Regulatory Compliance Status #

  • The Company is compliant with the provisions of Sections 185 and 186 of the Companies Act, 2013, regarding investments.
  • The Company is required to maintain cost records as per Section 148(1) of the Act, and the auditors have broadly reviewed them.
  • The Company is regular in depositing undisputed statutory dues.
  • The Company is compliant with the number of layers prescribed under the Companies Act, 2013.
  • The financial statements comply with the Accounting Standards specified under Section 133 of the Act.
  • The company has not made any transaction with companies struck off under the Companies Act.
  • There are disputed demands for excise duty, customs duty, sales tax, service tax, and Goods and Service tax, amounting to a contingent liability of ₹103 crores.
  • A show-cause notice was received, alleging erroneously claimed IGST refund of ₹82 crores, with a subsequent order confirming the demand along with interest and penalty. The Company obtained a stay order from the High Court.
  • The exact timing and outcome of these proceedings are currently indeterminable.
  • Transactions with related parties were in compliance with Sections 177 and 188 of the Companies Act, 2013.
  • Related party transactions and balances are disclosed in Note 31 (standalone) and Note 32 (consolidated) of the financial statements.
  • Key Management Personnel (KMP) remuneration is disclosed, along with transactions with subsidiaries, relatives of KMP, and other related entities.

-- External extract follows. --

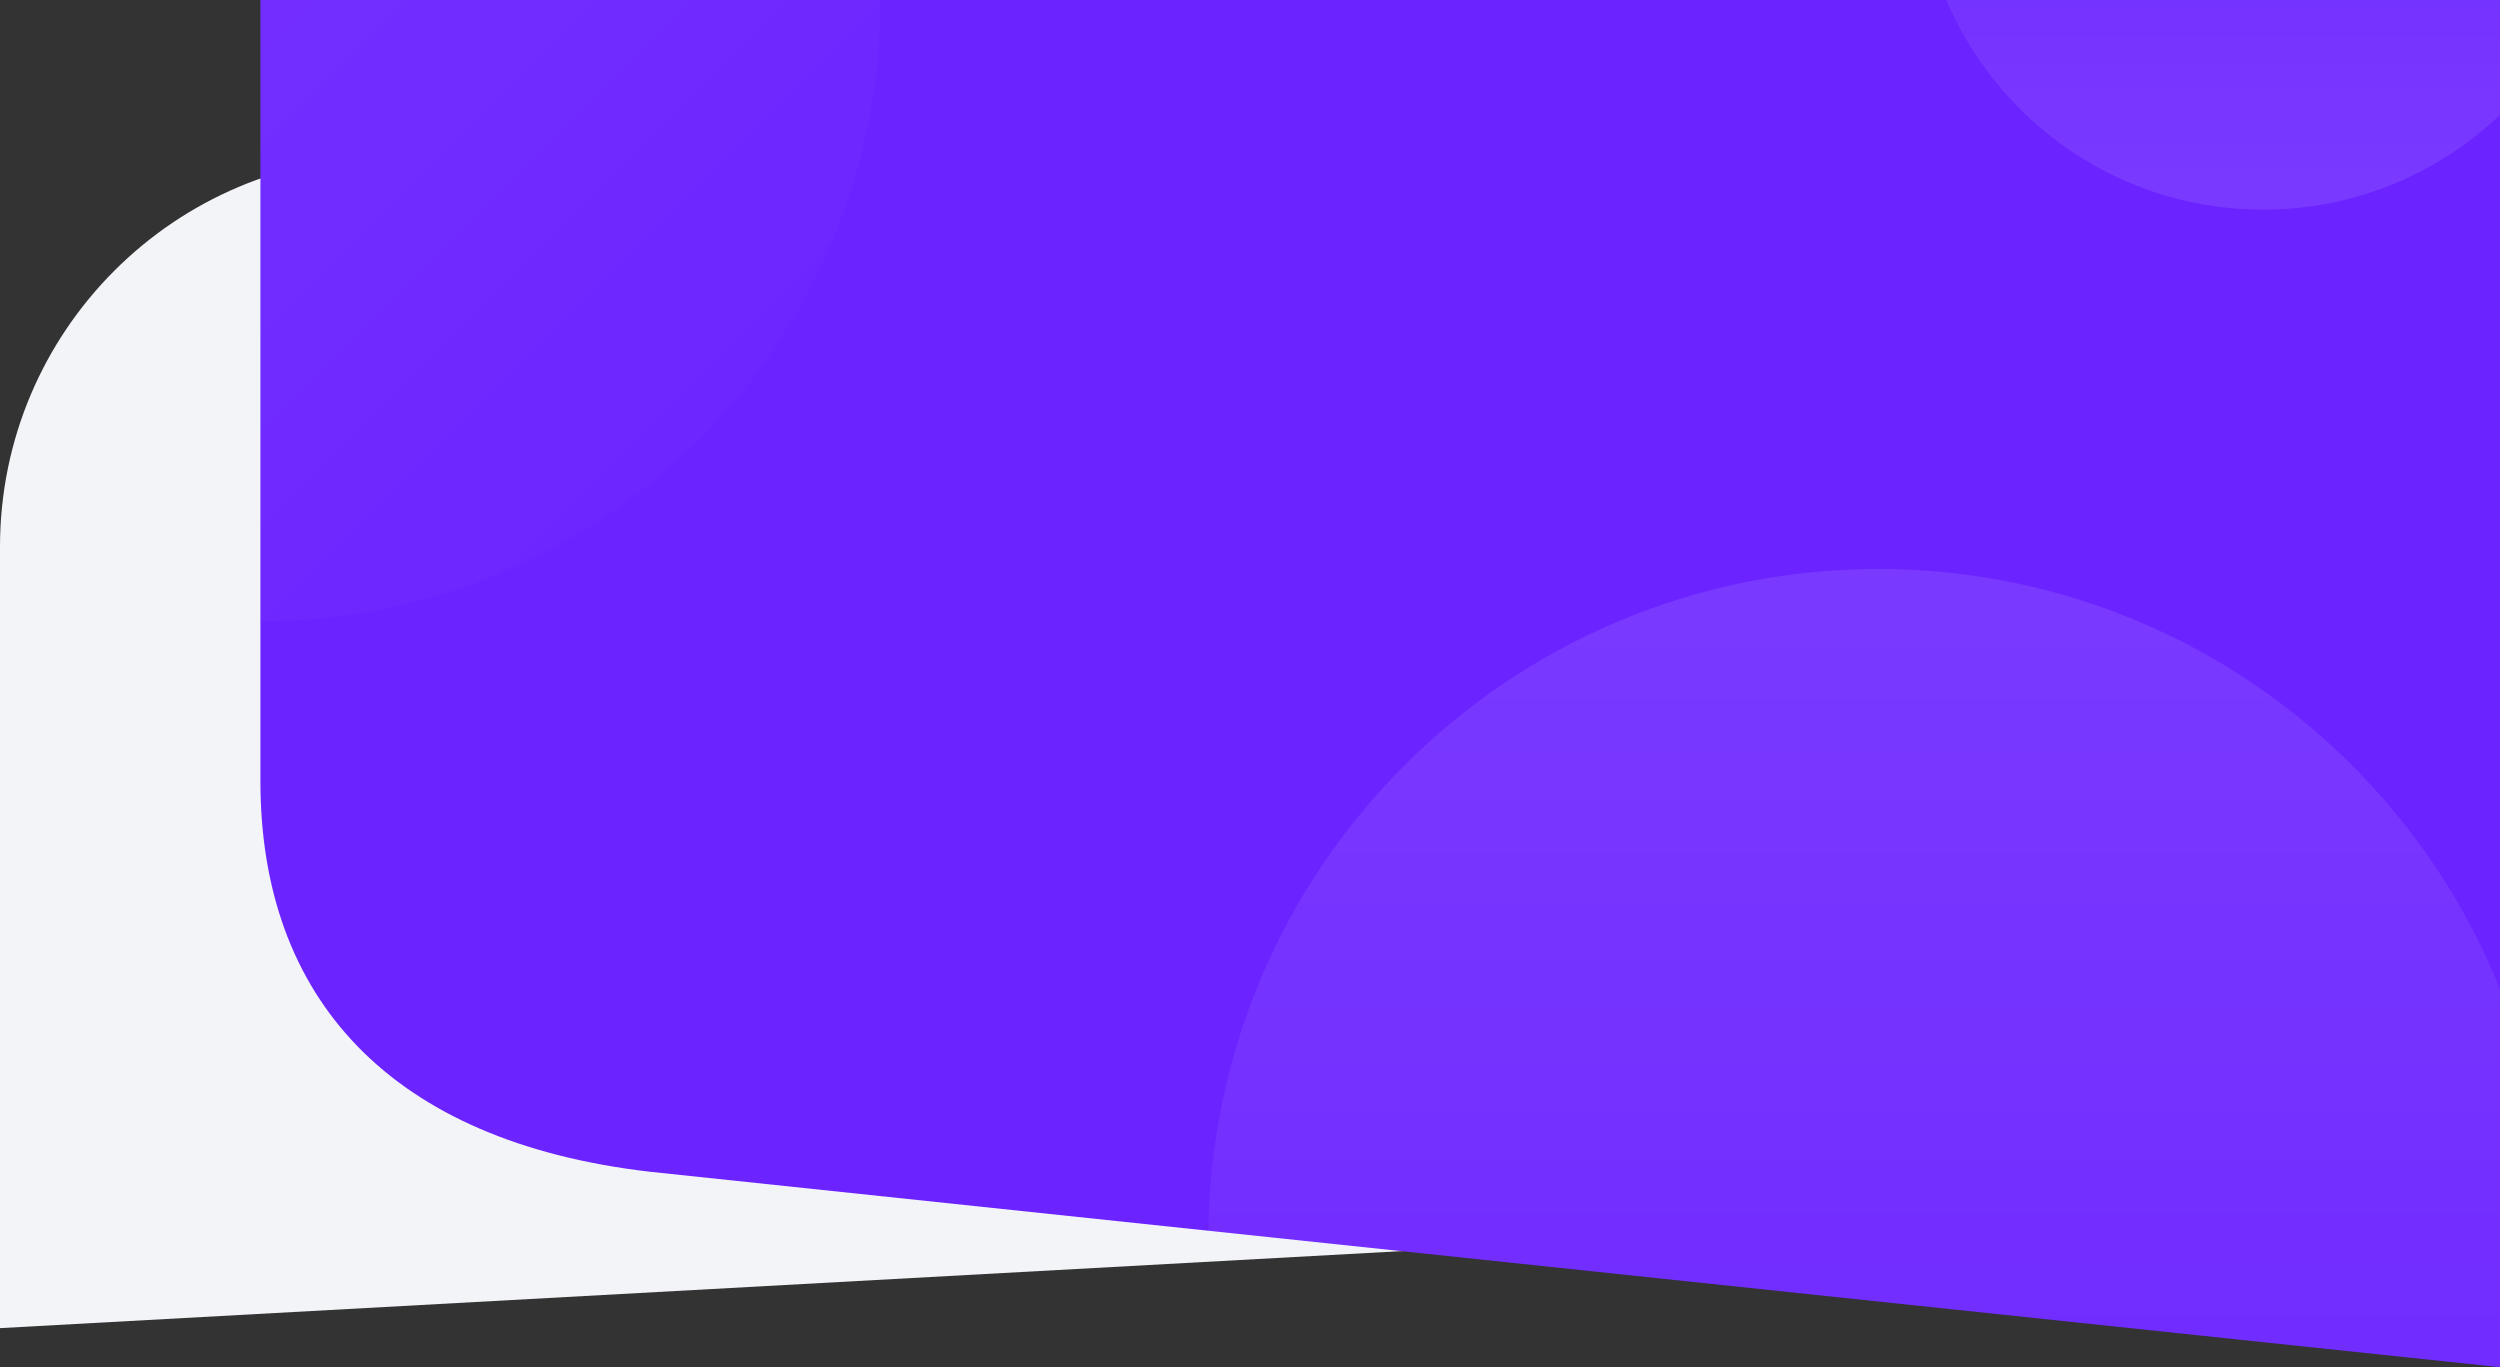 <svg xmlns="http://www.w3.org/2000/svg" xmlns:xlink="http://www.w3.org/1999/xlink" width="1920" height="1050" viewBox="0 0 1920 1050"><rect x="0" y="0" width="1920" height="1050" fill="#333333" stroke="none"/><defs><clipPath id="a"><path d="M200,0H1920V1050L500,900C298.666,876.978,200,765.685,200,600Z" fill="#6b23ff"/></clipPath><linearGradient id="b" x1="1" y1="1" x2="0" gradientUnits="objectBoundingBox"><stop offset="0" stop-color="#fff" stop-opacity="0"/><stop offset="1" stop-color="#fff" stop-opacity="0.102"/></linearGradient><linearGradient id="c" x1="0.5" x2="0.5" y2="0" xlink:href="#b"/><linearGradient id="d" x1="0.5" y1="0" x2="0.5" y2="1" xlink:href="#b"/></defs><path d="M0,1020,1820,920V120H300C134.315,120,0,254.314,0,420Z" fill="#f3f4f8"/><path d="M200,0H1920V1050L500,900C298.666,876.978,200,765.685,200,600Z" fill="#6b23ff"/><g clip-path="url(#a)"><circle cx="475.5" cy="475.5" r="475.5" transform="translate(-275 -474)" fill="none"/><path d="M200.5-474C463.111-474,676-261.111,676,1.5S463.111,477,200.5,477-275,264.111-275,1.5-62.111-474,200.5-474Z" fill="url(#b)"/><circle cx="514.5" cy="514.5" r="514.5" transform="translate(928 437)" fill="none"/><path d="M1442.5,437c284.151,0,514.5,230.349,514.5,514.5S1726.651,1466,1442.5,1466,928,1235.651,928,951.5,1158.349,437,1442.5,437Z" fill="url(#c)"/><circle cx="264" cy="264" r="264" transform="translate(1474 -367)" fill="none"/><path d="M1738-367c145.8,0,264,118.2,264,264s-118.2,264-264,264S1474,42.8,1474-103,1592.2-367,1738-367Z" fill="url(#d)"/></g></svg>

Accounting Quality Analysis #

  • The use of consistent accounting policies (historical cost, straight-line depreciation) is seen.
  • The valuation of inventories use accepted methodology.
  • A conservative approach is being taken for potential liabilities.

Regulatory Risk Assessment #

  • Moderate regulatory risk is present, with a noted weakness in the audit trails.
  • Ongoing legal disputes regarding tax matters represent a potential financial risk, although stays have been obtained.
  • Adherence to statutory dues payments, related party transaction regulations, and cost record maintenance indicates good compliance.
  • The Company has not traded or invested in crypto currency or virtual currency.